RECORD EXTRACTS:
• • • •
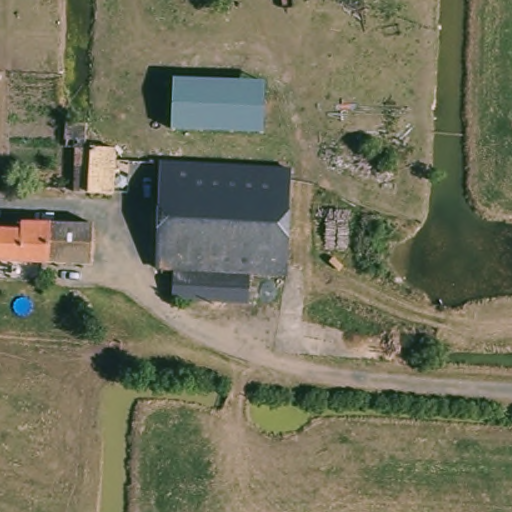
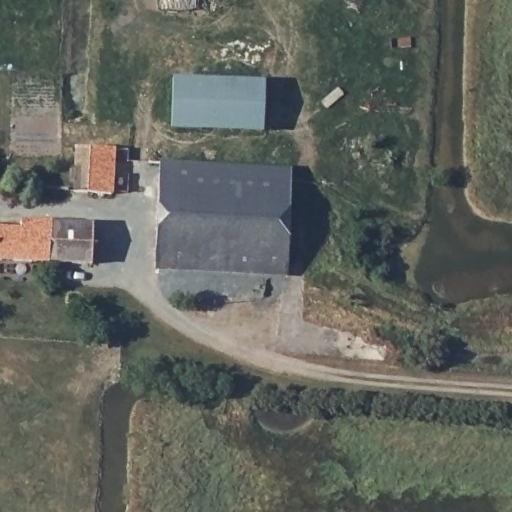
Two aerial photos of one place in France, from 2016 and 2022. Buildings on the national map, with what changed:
unchanged [(262,79),(262,129),(171,126),(172,75),(262,79)]
unchanged [(72,171),(73,154),(66,153),(67,114),(79,114),(89,114),(87,140),(110,142),(107,190),(71,189),(72,171)]
unchanged [(161,162),(290,169),(286,273),(250,271),(173,268),(155,267),(161,162)]
unchanged [(20,222),(21,216),(93,220),(91,260),(0,257),(0,220),(20,222)]
unchanged [(250,271),(249,301),(249,305),(172,301),(173,268),(250,271)]

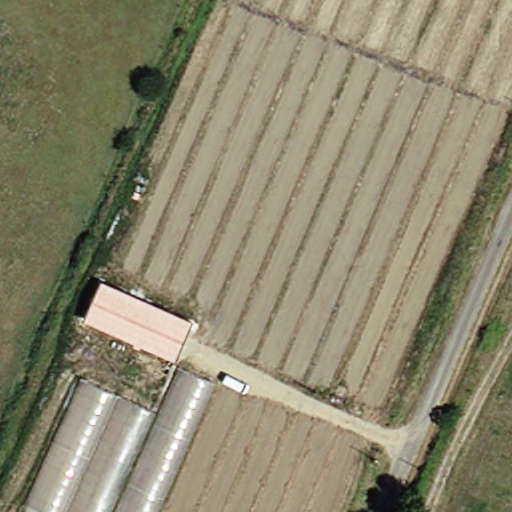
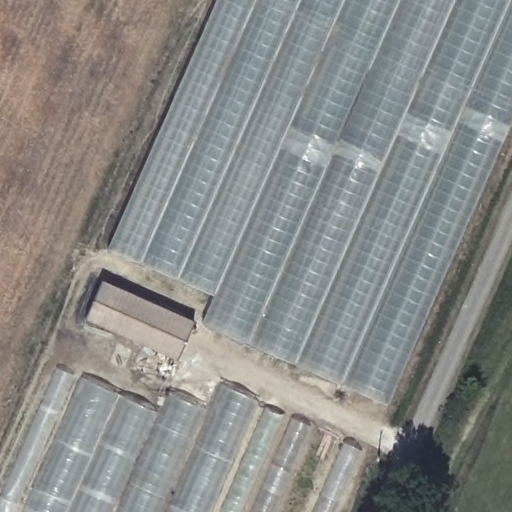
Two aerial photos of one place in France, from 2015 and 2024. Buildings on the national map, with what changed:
new [(202,324),(214,295),(109,248),(217,0),(512,0),(512,122),(388,405),(202,324)]
demolished [(109,267),(87,319),(67,310),(87,260),(109,267)]
new [(194,322),(177,361),(86,321),(103,280),(194,322)]
demolished [(131,371),(138,349),(162,359),(154,380),(131,371)]
new [(215,384),(157,512),(22,512),(82,379),(161,413),(180,369),(215,384)]
new [(223,385),(312,426),(275,512),(167,512),(223,385)]

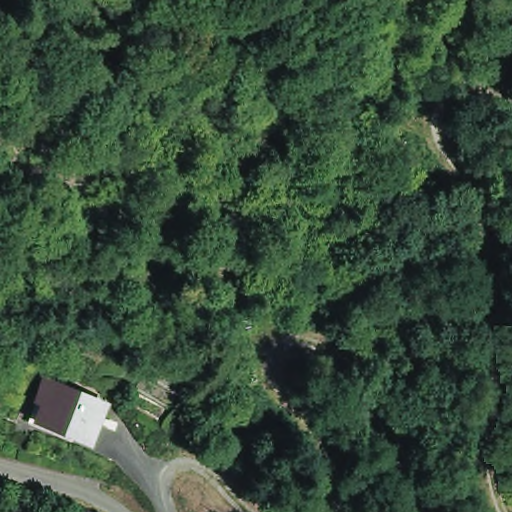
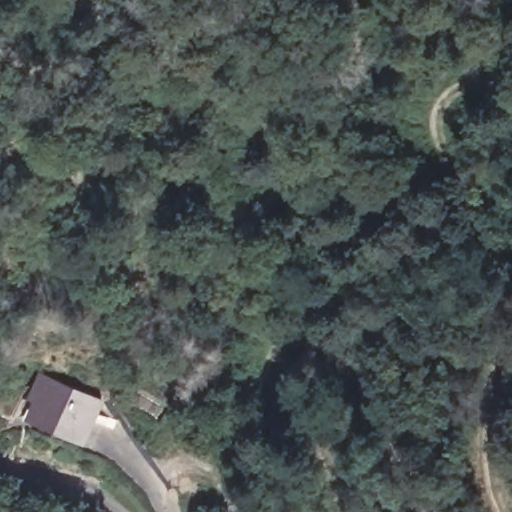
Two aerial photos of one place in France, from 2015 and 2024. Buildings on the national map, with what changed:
unchanged [(86,440),(32,420),(38,403),(30,400),(38,380),(100,403),(86,440)]

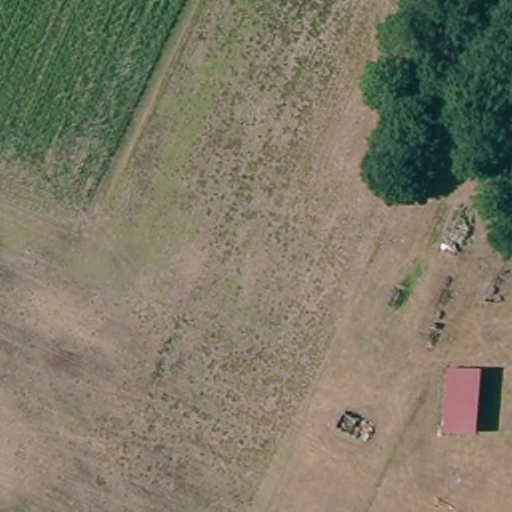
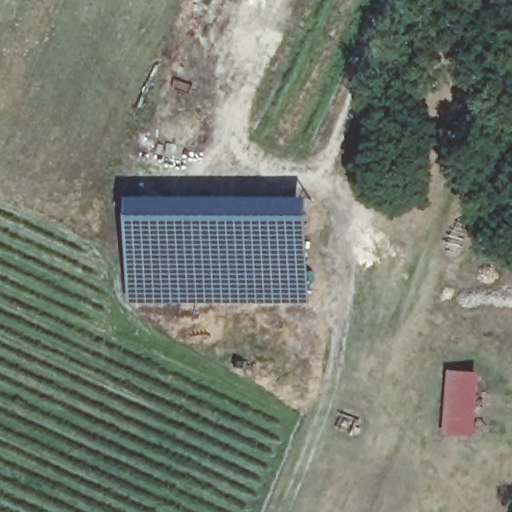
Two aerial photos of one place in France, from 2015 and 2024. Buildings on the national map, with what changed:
• • • •
THE PROBLEM:
Retype the listing above exactly, please. Pictures do not belong in the copy.

SOLUTION:
Two aerial photos of one place in France, from 2016 and 2022. Buildings on the national map, with what changed:
unchanged [(262,79),(262,129),(171,126),(172,75),(262,79)]
unchanged [(72,171),(73,154),(66,153),(67,114),(79,114),(89,114),(87,140),(110,142),(107,190),(71,189),(72,171)]
unchanged [(161,162),(290,169),(286,273),(250,271),(173,268),(155,267),(161,162)]
unchanged [(20,222),(21,216),(93,220),(91,260),(0,257),(0,220),(20,222)]
unchanged [(250,271),(249,301),(249,305),(172,301),(173,268),(250,271)]

Two aerial photos of one place in France, from 2015 and 2024. Buildings on the national map, with what changed:
new [(202,324),(214,295),(109,248),(217,0),(512,0),(512,122),(388,405),(202,324)]
demolished [(109,267),(87,319),(67,310),(87,260),(109,267)]
new [(194,322),(177,361),(86,321),(103,280),(194,322)]
demolished [(131,371),(138,349),(162,359),(154,380),(131,371)]
new [(215,384),(157,512),(22,512),(82,379),(161,413),(180,369),(215,384)]
new [(223,385),(312,426),(275,512),(167,512),(223,385)]

Two aerial photos of one place in France, from 2015 and 2024. Buildings on the national map, with what changed:
unchanged [(86,440),(32,420),(38,403),(30,400),(38,380),(100,403),(86,440)]

Two aerial photos of one place in France, from 2015 and 2024. Buildings on the national map, with what changed:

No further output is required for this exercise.